Wednesday, January 04, 2006

Balladyna


TOMASZ STANKO
Balladyna
ECM 1071
Recorded 1975


1. First Song
2. Tale
3. Num
4. Duet
5. Balladyna
6. Last Song
7. Nenaliina

PERSONNEL

Tomasz Stanko; trumpet
Tomasz Szukalski; tenor and soprano saxophones
Dave Holland; bass
Edward Vesala; drums

Another ECM album for today, this is Tomasz Stanko's first recording for the label and sees him paired up with the ECM heavyweight rhythm section of Holland and Vesala, and the less well known but equally talented Szukalski on saxes. In many ways this is a fine companion record to yesterday's Dansere, the classic 1975 session from Jan Garbarek & Bobo Stenson's quartet.

Like it's companion, this album features two principal sounds - driving, melodic jazz which nods at Stanko's free-jazz roots (with Krystof Komeda) and otherworldly, almost ambient compositions, where the bass and drums drift, providing colour and texture to the sound but little in the way of propulsion. When done well, as it is here, this can be intoxicating, and tracks like 'Balladyna' showcase this effect very well indeed.

I'll always be a fan of a more propulsive rhythm section, though. 'First Song' is an excellent example of this. From it's bass led opening (recalling Pharoah Sanders' Black Unity) through the horn theme to it's dramatic percussive closing section the piece is carried along by Holland and Vesala. Stanko sounds like a whole orchestra of trumpets, somehow (some studio trickery, maybe - but then ECM didn't go in for that sort of thing) and plays with enormous passion and intensity. If only the whole album could be like this...

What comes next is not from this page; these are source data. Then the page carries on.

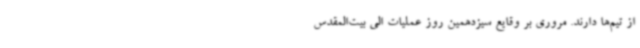
از تیم‌ها دارند. مروری بر وقایع سیزدهمین روز عملیات الی بیت‌المقدس
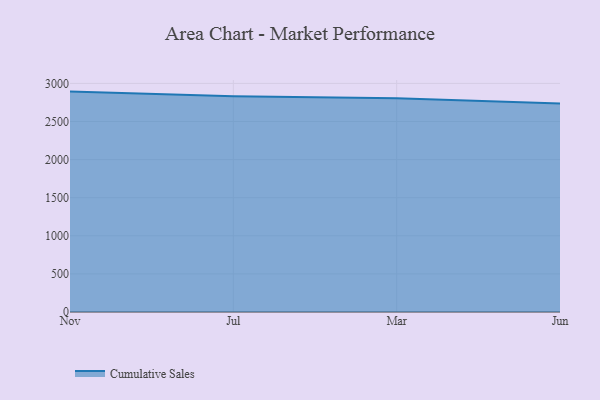
{"axis": {"x": "Month", "y": "Latency (ms)"}, "legend": ["Cumulative Sales"], "data": [{"x": "Nov", "y": 2892.5, "type": "Cumulative Sales"}, {"x": "Jul", "y": 2831.9, "type": "Cumulative Sales"}, {"x": "Mar", "y": 2803.8, "type": "Cumulative Sales"}, {"x": "Jun", "y": 2736.7, "type": "Cumulative Sales"}]}
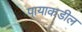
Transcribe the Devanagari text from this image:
पायाकडील
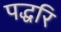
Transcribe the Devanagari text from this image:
पद्धरि

tomaszstanko.com, his official site, is well worth a look - you can listen to music from throughout his career as well as find out more about this excellent trumpeter. Nowadays he's moved to playing in a very Miles Davis-influenced post-bop style, as shown on his recent UK tour. I was lucky enough to get a ticket for his Birmingham show, and he kept us all entertained with 2 hours plus of moody post-bop blues. The following is an extract from a review of another show on that tour, from the Financial Times' arts section, giving you a flavour of the music presented.

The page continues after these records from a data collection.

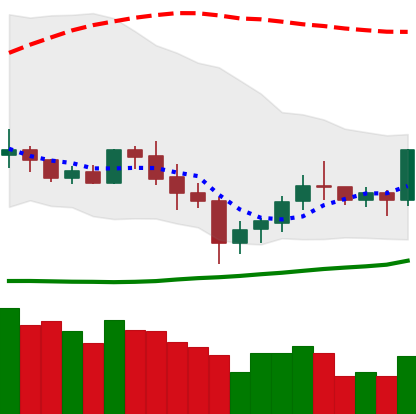
Ticker: XLM-USD
Chart end date: 2020-07-06
Forward return: 31.265%
Label: up_7plus
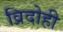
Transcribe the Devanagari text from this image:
व्रिदोही
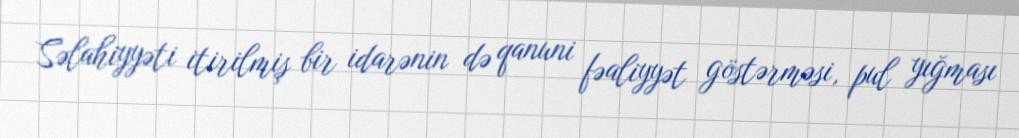
Səlahiyyəti itirilmiş bir idarənin də qanuni fəaliyyət göstərməsi, pul yığması
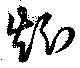
矧
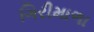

"The penultimate gig of the festival, referencing Europe and the rhythms of three continents, opened with arco bass, swishing cymbals and haunting trumpet, but veteran Polish trumpeter Tomasz Stanko and his young acoustic rhythm section soon changed the pace to deliver a fine set of acoustic modern jazz, loosely modelled on the Miles Davis bands of the 1960s. Stanko's focused, breathy sound, spacious phrasing and occasional free-form flourish are all his own. Ebullient pianist Marcin Wasilewski matched the leader."